En novembre 2003, dans une décision longue de 103 pages, après 23
séances d’audition étalées sur deux ans, l’arbitre de grief
Jean-Marie Lavoie rejetait toutes les accusations et ordonnait la
réintégration immédiate de l’éducateur dans ses fonctions. Le 1er
juin dernier, la juge Élisabeth Corté de la Cour du Québec
rejetait, elle aussi, les cinq chefs d’accusation à l’encontre
d’Alvin Gibbs.
Malgré ces deux jugements favorables à l’employé, le Centre Batshaw
a quand même demandé une révision judiciaire de la décision
arbitrale. Il prétendait l’illégalité de la décision de l’arbitre,
invoquant que, dans l’attente de son procès, l’éducateur était sous
le coup d’une ordonnance de la Cour du Québec. Dans son jugement de
vendredi, la Cour supérieure fait cependant remarquer que le Centre
Batshaw est plutôt mal venu d’attaquer la décision rendue par
l’arbitre puisqu’il s’était lui-même opposé à une suspension de
l’arbitrage durant les procédures pénales (page 3 du jugement).
Gerry Joyce estime que «trois jugements successifs devraient
suffire, d’autant plus que tout le monde sait que les accusations
contre l’employé ne reposaient sur rien.» Une lueur d’espoir
pointe à l’horizon. Dans son édition du 22 juin, le journal
Montreal Community Contact rapportait les propos du directeur
exécutif du Centre Batshaw, Michael Udy. Celui-ci déclarait que
«si la Cour donnait raison à Gibbs lors de l’appel de
septembre [c’est-à-dire la révision judiciaire de la décision
arbitrale], Batshaw allait se soumettre totalement à la
décision». («That appeal will be heard in September. He says
if then, the court rules in favour of Gibbs, Batshaw will comply
fully with its decision.» )
Une vie tranquille devenue un cauchemar
Sans ressources financières, c’est péniblement qu’Alvin Gibbs est
arrivé à joindre les deux bouts et garder sa dignité tout au long
de ce pénible cauchemar. Sous le coup d’une ordonnance de la Cour
pendant toute la durée de son procès, ce qui l’empêchait d’exercer
sa profession d’éducateur, il a dû quitter son domicile pour
emménager chez sa sur et s’en remettre à l’aide sociale pour tout
revenu.
Comme si les fausses accusations et la perte de son emploi ne
suffisaient pas, Alvin Gibbs a aussi été l’objet d’une bévue
journalistique déplorable. Le premier avril 2003, un quotidien
montréalais publiait la photo de la victime d’un hold-up survenu
dans une caisse populaire, un homme cloué à jamais à son fauteuil
roulant, et celle de son agresseur. Mais, plutôt que la photo du
présumé coupable, c’est celle d’Alvin Gibbs qui paraissait?

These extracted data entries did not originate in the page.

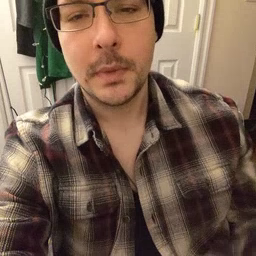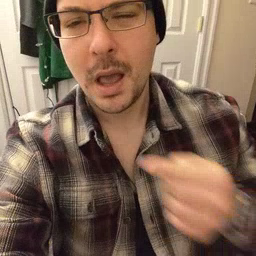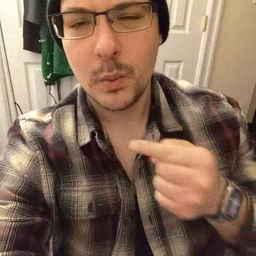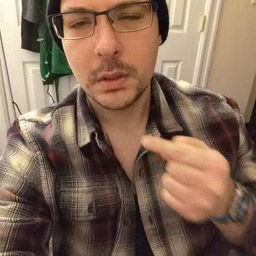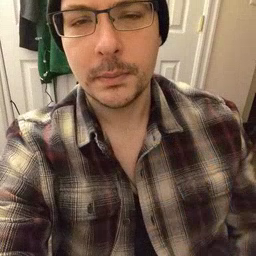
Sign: owie
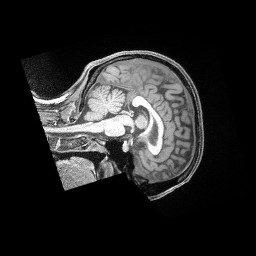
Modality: T1w
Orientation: sagittal
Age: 39
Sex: female
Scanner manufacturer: siemens
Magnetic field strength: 3 T
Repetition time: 2 s
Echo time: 0.00211 s
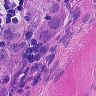
Metastatic tissue present: yes
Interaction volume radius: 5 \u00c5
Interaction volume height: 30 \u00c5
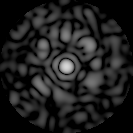
Disorder parameter: 0.722

L’éducateur a été fortement ébranlé par la succession de tous ces
événements, auxquels se sont ajoutés des problèmes de santé.

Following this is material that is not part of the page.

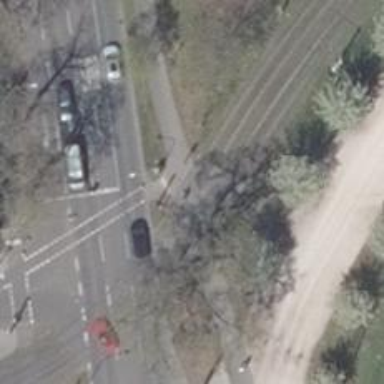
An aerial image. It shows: Tram crossing with traffic signals.

Gerry Joyce insiste sur le fait qu’on doive dédommager rapidement
Alvin Gibbs. «Il n’est coupable de rien, il n’a pas à payer le
prix de fausses accusations, plaide-t-il. En plus, il vient
tout juste d’apprendre que la maison de sa famille, dans son pays
d’origine la Grenade, vient d’être dévastée par l’ouragan
Ivan.»
Le SCFP représente quelque 20,000 membres dans la santé et les
services sociaux au Québec. En plus de ce secteur d’activité, le
SCFP est présent dans 10 autres secteurs, entre autres,
l’éducation, les municipalités, le transport urbain, le transport
aérien, les sociétés d’État et organismes publics québécois,
l’hydroélectricité et les communications. Comptant au total près de
100,000 membres au Québec, il est le plus important syndicat
affilié de la FTQ.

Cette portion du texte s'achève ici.